═══ Available data ═══

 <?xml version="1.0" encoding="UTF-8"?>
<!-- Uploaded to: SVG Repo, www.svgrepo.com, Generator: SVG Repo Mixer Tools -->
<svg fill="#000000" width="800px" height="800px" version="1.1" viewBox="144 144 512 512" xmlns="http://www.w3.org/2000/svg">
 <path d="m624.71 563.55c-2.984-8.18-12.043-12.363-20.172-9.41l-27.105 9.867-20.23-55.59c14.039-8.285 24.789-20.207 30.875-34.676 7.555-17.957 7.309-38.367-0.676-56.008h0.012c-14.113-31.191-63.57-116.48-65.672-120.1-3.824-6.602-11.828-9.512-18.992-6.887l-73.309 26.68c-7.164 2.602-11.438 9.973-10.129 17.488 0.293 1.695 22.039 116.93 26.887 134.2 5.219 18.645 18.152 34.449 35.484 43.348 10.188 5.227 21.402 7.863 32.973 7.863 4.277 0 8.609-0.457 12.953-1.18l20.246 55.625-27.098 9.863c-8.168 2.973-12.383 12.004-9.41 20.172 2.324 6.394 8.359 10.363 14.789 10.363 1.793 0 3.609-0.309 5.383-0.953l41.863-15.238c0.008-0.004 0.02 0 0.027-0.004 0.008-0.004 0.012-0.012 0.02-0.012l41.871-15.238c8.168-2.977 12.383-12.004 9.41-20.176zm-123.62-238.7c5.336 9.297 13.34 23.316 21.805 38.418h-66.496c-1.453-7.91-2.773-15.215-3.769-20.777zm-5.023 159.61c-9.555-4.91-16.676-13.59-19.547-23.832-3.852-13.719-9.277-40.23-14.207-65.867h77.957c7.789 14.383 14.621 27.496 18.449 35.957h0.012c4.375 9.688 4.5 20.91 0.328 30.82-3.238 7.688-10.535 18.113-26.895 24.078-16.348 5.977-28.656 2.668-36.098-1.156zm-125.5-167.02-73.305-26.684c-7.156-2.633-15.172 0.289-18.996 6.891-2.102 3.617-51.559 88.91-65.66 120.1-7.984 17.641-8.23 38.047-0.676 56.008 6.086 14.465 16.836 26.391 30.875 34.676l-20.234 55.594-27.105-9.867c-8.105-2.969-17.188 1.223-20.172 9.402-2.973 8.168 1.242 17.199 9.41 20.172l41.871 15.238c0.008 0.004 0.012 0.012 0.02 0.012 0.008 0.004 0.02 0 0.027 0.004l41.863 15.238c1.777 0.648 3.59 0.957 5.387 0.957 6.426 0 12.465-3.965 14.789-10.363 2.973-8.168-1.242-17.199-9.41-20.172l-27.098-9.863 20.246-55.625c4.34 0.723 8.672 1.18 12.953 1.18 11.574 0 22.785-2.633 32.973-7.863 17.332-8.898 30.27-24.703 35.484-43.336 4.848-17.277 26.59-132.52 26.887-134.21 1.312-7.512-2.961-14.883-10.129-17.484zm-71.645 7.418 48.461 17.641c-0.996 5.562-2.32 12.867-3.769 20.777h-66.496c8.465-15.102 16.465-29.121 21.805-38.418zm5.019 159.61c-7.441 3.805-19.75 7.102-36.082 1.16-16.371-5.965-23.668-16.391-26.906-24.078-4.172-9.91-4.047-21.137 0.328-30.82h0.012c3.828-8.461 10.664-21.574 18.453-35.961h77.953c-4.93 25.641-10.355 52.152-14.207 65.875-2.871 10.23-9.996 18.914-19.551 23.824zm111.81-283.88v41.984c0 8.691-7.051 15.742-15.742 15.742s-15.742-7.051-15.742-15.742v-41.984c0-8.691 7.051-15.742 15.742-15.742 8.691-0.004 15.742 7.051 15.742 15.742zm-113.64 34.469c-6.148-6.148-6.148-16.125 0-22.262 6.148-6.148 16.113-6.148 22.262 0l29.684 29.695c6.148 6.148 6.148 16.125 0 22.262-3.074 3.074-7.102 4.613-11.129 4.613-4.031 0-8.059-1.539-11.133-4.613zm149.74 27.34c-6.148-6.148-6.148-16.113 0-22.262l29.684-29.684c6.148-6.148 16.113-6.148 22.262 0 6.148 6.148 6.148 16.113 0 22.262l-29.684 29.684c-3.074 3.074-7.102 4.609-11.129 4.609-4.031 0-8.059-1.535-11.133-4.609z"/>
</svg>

═══

**What the task requires**
Having looked over the entries above, reproduce all of them exactly.

**Result**
 <?xml version="1.0" encoding="UTF-8"?>
<!-- Uploaded to: SVG Repo, www.svgrepo.com, Generator: SVG Repo Mixer Tools -->
<svg fill="#000000" width="800px" height="800px" version="1.1" viewBox="144 144 512 512" xmlns="http://www.w3.org/2000/svg">
 <path d="m624.71 563.55c-2.984-8.18-12.043-12.363-20.172-9.41l-27.105 9.867-20.23-55.59c14.039-8.285 24.789-20.207 30.875-34.676 7.555-17.957 7.309-38.367-0.676-56.008h0.012c-14.113-31.191-63.57-116.48-65.672-120.1-3.824-6.602-11.828-9.512-18.992-6.887l-73.309 26.68c-7.164 2.602-11.438 9.973-10.129 17.488 0.293 1.695 22.039 116.93 26.887 134.2 5.219 18.645 18.152 34.449 35.484 43.348 10.188 5.227 21.402 7.863 32.973 7.863 4.277 0 8.609-0.457 12.953-1.18l20.246 55.625-27.098 9.863c-8.168 2.973-12.383 12.004-9.41 20.172 2.324 6.394 8.359 10.363 14.789 10.363 1.793 0 3.609-0.309 5.383-0.953l41.863-15.238c0.008-0.004 0.02 0 0.027-0.004 0.008-0.004 0.012-0.012 0.02-0.012l41.871-15.238c8.168-2.977 12.383-12.004 9.41-20.176zm-123.62-238.7c5.336 9.297 13.34 23.316 21.805 38.418h-66.496c-1.453-7.91-2.773-15.215-3.769-20.777zm-5.023 159.61c-9.555-4.91-16.676-13.59-19.547-23.832-3.852-13.719-9.277-40.23-14.207-65.867h77.957c7.789 14.383 14.621 27.496 18.449 35.957h0.012c4.375 9.688 4.5 20.91 0.328 30.82-3.238 7.688-10.535 18.113-26.895 24.078-16.348 5.977-28.656 2.668-36.098-1.156zm-125.5-167.02-73.305-26.684c-7.156-2.633-15.172 0.289-18.996 6.891-2.102 3.617-51.559 88.91-65.66 120.1-7.984 17.641-8.23 38.047-0.676 56.008 6.086 14.465 16.836 26.391 30.875 34.676l-20.234 55.594-27.105-9.867c-8.105-2.969-17.188 1.223-20.172 9.402-2.973 8.168 1.242 17.199 9.41 20.172l41.871 15.238c0.008 0.004 0.012 0.012 0.02 0.012 0.008 0.004 0.02 0 0.027 0.004l41.863 15.238c1.777 0.648 3.59 0.957 5.387 0.957 6.426 0 12.465-3.965 14.789-10.363 2.973-8.168-1.242-17.199-9.41-20.172l-27.098-9.863 20.246-55.625c4.34 0.723 8.672 1.18 12.953 1.18 11.574 0 22.785-2.633 32.973-7.863 17.332-8.898 30.27-24.703 35.484-43.336 4.848-17.277 26.59-132.52 26.887-134.21 1.312-7.512-2.961-14.883-10.129-17.484zm-71.645 7.418 48.461 17.641c-0.996 5.562-2.32 12.867-3.769 20.777h-66.496c8.465-15.102 16.465-29.121 21.805-38.418zm5.019 159.61c-7.441 3.805-19.75 7.102-36.082 1.16-16.371-5.965-23.668-16.391-26.906-24.078-4.172-9.91-4.047-21.137 0.328-30.82h0.012c3.828-8.461 10.664-21.574 18.453-35.961h77.953c-4.93 25.641-10.355 52.152-14.207 65.875-2.871 10.23-9.996 18.914-19.551 23.824zm111.81-283.88v41.984c0 8.691-7.051 15.742-15.742 15.742s-15.742-7.051-15.742-15.742v-41.984c0-8.691 7.051-15.742 15.742-15.742 8.691-0.004 15.742 7.051 15.742 15.742zm-113.64 34.469c-6.148-6.148-6.148-16.125 0-22.262 6.148-6.148 16.113-6.148 22.262 0l29.684 29.695c6.148 6.148 6.148 16.125 0 22.262-3.074 3.074-7.102 4.613-11.129 4.613-4.031 0-8.059-1.539-11.133-4.613zm149.74 27.34c-6.148-6.148-6.148-16.113 0-22.262l29.684-29.684c6.148-6.148 16.113-6.148 22.262 0 6.148 6.148 6.148 16.113 0 22.262l-29.684 29.684c-3.074 3.074-7.102 4.609-11.129 4.609-4.031 0-8.059-1.535-11.133-4.609z"/>
</svg>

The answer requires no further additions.